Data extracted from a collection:
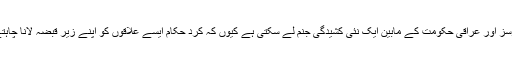
مبصرین کا خیال ہے کہ جہادیوں کو شکست کے نتیجے میں کرد فورسز اور عراقی حکومت کے مابین ایک نئی کشیدگی جنم لے سکتی ہے کیوں کہ کرد حکام ایسے علاقوں کو اپنے زیر قبضہ لانا چاہتے ہیں جن پر کرد فورسز نے جہادیوں کو شکست سے دوچار کیا ہے۔
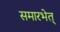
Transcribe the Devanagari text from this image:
समारभेत्
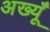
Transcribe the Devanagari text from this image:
अख्यूँ
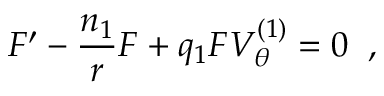
F ^ { \prime } - \frac { n _ { 1 } } { r } F + q _ { 1 } F V _ { \theta } ^ { ( 1 ) } = 0 \; \; ,
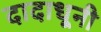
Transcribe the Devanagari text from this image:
दादाधूनी
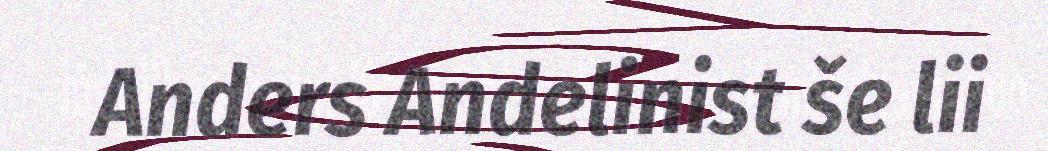
Anders Andelinist še lii
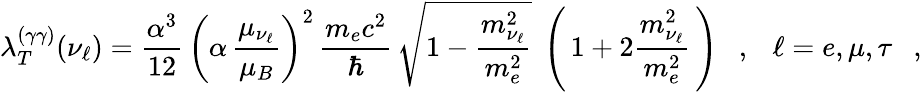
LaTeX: \lambda_{T}^{(\gamma\gamma)}(\nu_{\ell})=\frac{\alpha^{3}}{12}\, \left(\alpha\, \frac{\mu_{\nu_{\ell}}}{\mu_{B}}\right)^{2}\, \frac{m_{e}c^{2}}{\hbar}\, \sqrt{1-\frac{m_{\nu_{\ell}}^{2}}{m_{e}^{2}}}\ \left(\, 1+2\frac{m_{\nu_{\ell}}^{2}}{m_{e}^{2}}\, \right)\ \ \ ,\ \ \ \ell=e,\mu,\tau\ \ \ ,
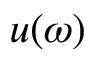
u ( \omega )
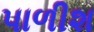
પાળીશ
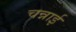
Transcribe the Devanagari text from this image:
चन्नाई
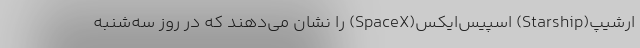
ارشیپ(Starship) اسپیس‌ایکس(SpaceX) را نشان می‌دهند که در روز سه‌شنبه
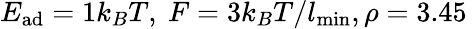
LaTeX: E_{\mathrm{ad}}=1k_{B}T,~F=3k_{B}T/l_{\mathrm{min}},\rho=3.45\
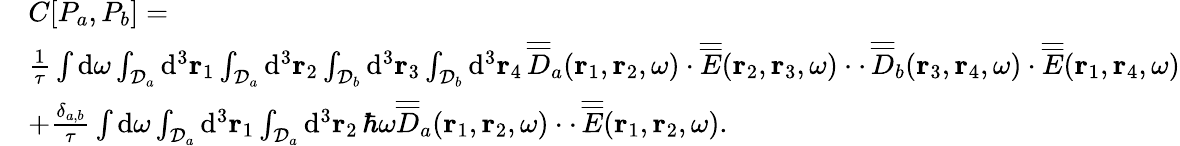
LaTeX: \begin{array}{rl}&{C[P_{a},P_{b}]=}\\ &{\frac{1}{\tau}\int\mathrm{d}\omega\int_{{\cal D}_{a}}\mathrm{d}^{3}{\mathbf r}_{1}\int_{{\cal D}_{a}}\mathrm{d}^{3}{\mathbf r}_{2}\int_{{\cal D}_{b}}\mathrm{d}^{3}{\mathbf r}_{3}\int_{{\cal D}_{b}}\mathrm{d}^{3}{\mathbf r}_{4}\, \overline{{\overline{{D}}}}_{a}({\mathbf r}_{1},{\mathbf r}_{2},\omega)\cdot\overline{{\overline{{E}}}}({\mathbf r}_{2},{\mathbf r}_{3},\omega)\cdot\cdot\, \overline{{\overline{{D}}}}_{b}({\mathbf r}_{3},{\mathbf r}_{4},\omega)\cdot\overline{{\overline{{E}}}}({\mathbf r}_{1},{\mathbf r}_{4},\omega)}\\ &{+\frac{\delta_{a,b}}{\tau}\int\mathrm{d}\omega\int_{{\cal D}_{a}}\mathrm{d}^{3}{\mathbf r}_{1}\int_{{\cal D}_{a}}\mathrm{d}^{3}{\mathbf r}_{2}\, \hbar\omega\overline{{\overline{{D}}}}_{a}({\mathbf r}_{1},{\mathbf r}_{2},\omega)\cdot\cdot\, \overline{{\overline{{E}}}}({\mathbf r}_{1},{\mathbf r}_{2},\omega).}\end{array}
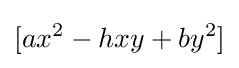
[ax^{2}-hxy+by^{2}]
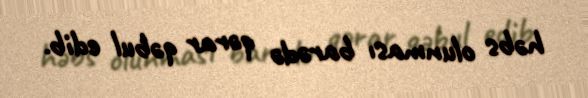
həbs olunması barədə qərar qəbul edib.
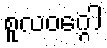
စူလဝဂ္ဂေါ
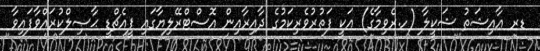
ޑރ ޢާއިޝަތު ޝަކީލާ (ހ.ރެވިމާގެ) އަކީ ފަތުރުވެރިކަމުގެ ދާއިރާއިން އޮސްޓްރޭލިޔާގައި ޕީއެޗްޑީ ޙާޞިލްކުރައްވާފައިވާ
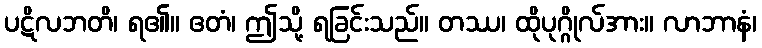
ပဋိလဘတိ၊ ရ၏။ ဧတံ၊ ဤသို့ ရခြင်းသည်။ တဿ၊ ထိုပုဂ္ဂိုလ်အား။ လာဘာနံ၊
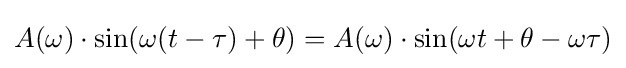
A(\omega )\cdot \sin(\omega (t-\tau )+\theta )=A(\omega )\cdot \sin(\omega t+\theta -\omega \tau )
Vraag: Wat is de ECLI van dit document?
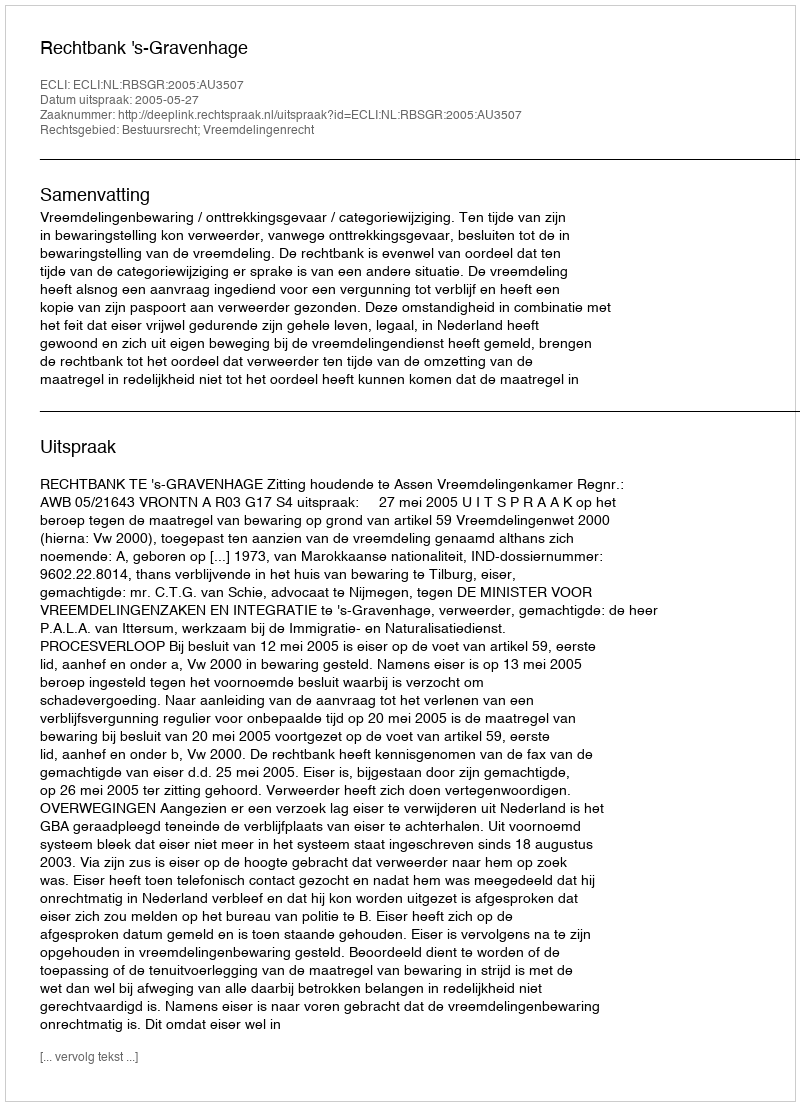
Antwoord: ECLI:NL:RBSGR:2005:AU3507
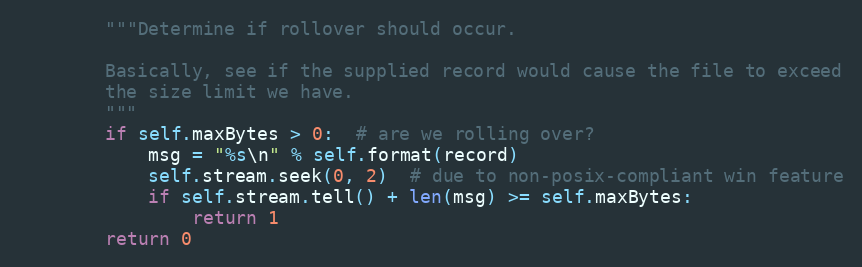
Language: Python
        """Determine if rollover should occur.

        Basically, see if the supplied record would cause the file to exceed
        the size limit we have.
        """
        if self.maxBytes > 0:  # are we rolling over?
            msg = "%s\n" % self.format(record)
            self.stream.seek(0, 2)  # due to non-posix-compliant win feature
            if self.stream.tell() + len(msg) >= self.maxBytes:
                return 1
        return 0
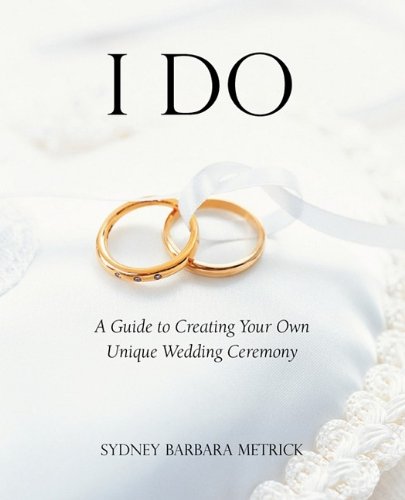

Exercise prompt: Please write the data out again exactly, but do not carry over the pictures.

Answer:
مبصرین کا خیال ہے کہ جہادیوں کو شکست کے نتیجے میں کرد فورسز اور عراقی حکومت کے مابین ایک نئی کشیدگی جنم لے سکتی ہے کیوں کہ کرد حکام ایسے علاقوں کو اپنے زیر قبضہ لانا چاہتے ہیں جن پر کرد فورسز نے جہادیوں کو شکست سے دوچار کیا ہے۔
Transcribe the Devanagari text from this image:
समारभेत्
Transcribe the Devanagari text from this image:
अख्यूँ
F ^ { \prime } - \frac { n _ { 1 } } { r } F + q _ { 1 } F V _ { \theta } ^ { ( 1 ) } = 0 \; \; ,
Transcribe the Devanagari text from this image:
दादाधूनी
Anders Andelinist še lii
LaTeX: \lambda_{T}^{(\gamma\gamma)}(\nu_{\ell})=\frac{\alpha^{3}}{12}\, \left(\alpha\, \frac{\mu_{\nu_{\ell}}}{\mu_{B}}\right)^{2}\, \frac{m_{e}c^{2}}{\hbar}\, \sqrt{1-\frac{m_{\nu_{\ell}}^{2}}{m_{e}^{2}}}\ \left(\, 1+2\frac{m_{\nu_{\ell}}^{2}}{m_{e}^{2}}\, \right)\ \ \ ,\ \ \ \ell=e,\mu,\tau\ \ \ ,
u ( \omega )
પાળીશ
Transcribe the Devanagari text from this image:
चन्नाई
ارشیپ(Starship) اسپیس‌ایکس(SpaceX) را نشان می‌دهند که در روز سه‌شنبه
LaTeX: E_{\mathrm{ad}}=1k_{B}T,~F=3k_{B}T/l_{\mathrm{min}},\rho=3.45\
LaTeX: \begin{array}{rl}&{C[P_{a},P_{b}]=}\\ &{\frac{1}{\tau}\int\mathrm{d}\omega\int_{{\cal D}_{a}}\mathrm{d}^{3}{\mathbf r}_{1}\int_{{\cal D}_{a}}\mathrm{d}^{3}{\mathbf r}_{2}\int_{{\cal D}_{b}}\mathrm{d}^{3}{\mathbf r}_{3}\int_{{\cal D}_{b}}\mathrm{d}^{3}{\mathbf r}_{4}\, \overline{{\overline{{D}}}}_{a}({\mathbf r}_{1},{\mathbf r}_{2},\omega)\cdot\overline{{\overline{{E}}}}({\mathbf r}_{2},{\mathbf r}_{3},\omega)\cdot\cdot\, \overline{{\overline{{D}}}}_{b}({\mathbf r}_{3},{\mathbf r}_{4},\omega)\cdot\overline{{\overline{{E}}}}({\mathbf r}_{1},{\mathbf r}_{4},\omega)}\\ &{+\frac{\delta_{a,b}}{\tau}\int\mathrm{d}\omega\int_{{\cal D}_{a}}\mathrm{d}^{3}{\mathbf r}_{1}\int_{{\cal D}_{a}}\mathrm{d}^{3}{\mathbf r}_{2}\, \hbar\omega\overline{{\overline{{D}}}}_{a}({\mathbf r}_{1},{\mathbf r}_{2},\omega)\cdot\cdot\, \overline{{\overline{{E}}}}({\mathbf r}_{1},{\mathbf r}_{2},\omega).}\end{array}
[ax^{2}-hxy+by^{2}]
həbs olunması barədə qərar qəbul edib.
စူလဝဂ္ဂေါ
ޑރ ޢާއިޝަތު ޝަކީލާ (ހ.ރެވިމާގެ) އަކީ ފަތުރުވެރިކަމުގެ ދާއިރާއިން އޮސްޓްރޭލިޔާގައި ޕީއެޗްޑީ ޙާޞިލްކުރައްވާފައިވާ
ပဋိလဘတိ၊ ရ၏။ ဧတံ၊ ဤသို့ ရခြင်းသည်။ တဿ၊ ထိုပုဂ္ဂိုလ်အား။ လာဘာနံ၊
A(\omega )\cdot \sin(\omega (t-\tau )+\theta )=A(\omega )\cdot \sin(\omega t+\theta -\omega \tau )
Vraag: Wat is de ECLI van dit document?
Antwoord: ECLI:NL:RBSGR:2005:AU3507
Language: Python
        """Determine if rollover should occur.

        Basically, see if the supplied record would cause the file to exceed
        the size limit we have.
        """
        if self.maxBytes > 0:  # are we rolling over?
            msg = "%s\n" % self.format(record)
            self.stream.seek(0, 2)  # due to non-posix-compliant win feature
            if self.stream.tell() + len(msg) >= self.maxBytes:
                return 1
        return 0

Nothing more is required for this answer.